Verifiable Environments Are LEGO Bricks: Recursive Composition for Reasoning Generalization

Loading / 加载中

英文摘要

This paper introduces RACES, a framework that treats verifiable environments as composable building blocks, automatically fusing them into new training environments when their input-output types align. Using 300 base environments and composition operators (SEQUENTIAL, PARALLEL, SORT, SELECT), RL training on composite environments consistently enhances reasoning generalization. Experiments show a 3.1-point average gain on six unseen benchmarks for DeepSeek-R1-Distill-Qwen-14B (48.2→51.3) and a 2.3-point gain for Qwen3-14B (58.8→61.1). Training with only 50 base environments reaches performance comparable to using all 300, demonstrating efficient environment scaling.

中文摘要

本文提出RACES框架，将可验证环境视为可组合的构建块，当输入输出类型匹配时自动融合为新的训练环境。基于300个基础环境和一组组合算子（顺序、并行、排序、选择），在复合环境上的强化学习训练可稳定提升推理泛化能力。在六个未见过的基准上，DeepSeek-R1-Distill-Qwen-14B平均提升3.1分（48.2→51.3），Qwen3-14B提升2.3分（58.8→61.1）。仅用50个基础环境就达到了与使用全部300个相当的性能，展示了高效的环境扩展。

关键要点

RACES enables recursive automated composition of verifiable environments by matching codomain of one to domain of another, using operators like SEQUENTIAL and PARALLEL to create diverse training tasks.

RACES通过将一个环境的输出类型与另一个的输入类型匹配，并利用顺序、并行等算子，实现可验证环境的递归自动组合，生成多样化的训练任务。

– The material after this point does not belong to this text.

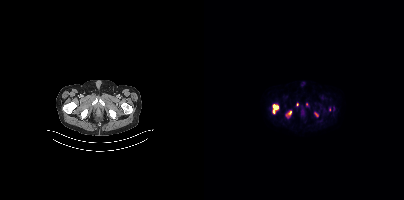
Coordinates are on the 200×200 PET (right) panel. (showing 5 of 6 foci) PSMA-avid tumor lesion bounding boxes (x0, y0)-(x1, y1): (69, 104)-(74, 113); (82, 111)-(87, 117); (110, 112)-(114, 116). Small PSMA-avid foci (2 to 4 px across) near (center x, center y): (125, 109); (93, 104).

RL training on RACES-generated composite environments improves reasoning generalization: DeepSeek-R1-Distill-Qwen-14B gains 3.1 points and Qwen3-14B gains 2.3 points across six unseen benchmarks.

在RACES生成的复合环境上进行的强化学习训练提升了推理泛化：在六个未见基准上，DeepSeek-R1-Distill-Qwen-14B提升3.1分，Qwen3-14B提升2.3分。

The method is highly environment-efficient: using only 50 base environments achieves results comparable to training on the full set of 300 individual environments.

该方法具有极高的环境利用效率：仅用50个基础环境即可达到与使用全部300个独立环境相当的性能。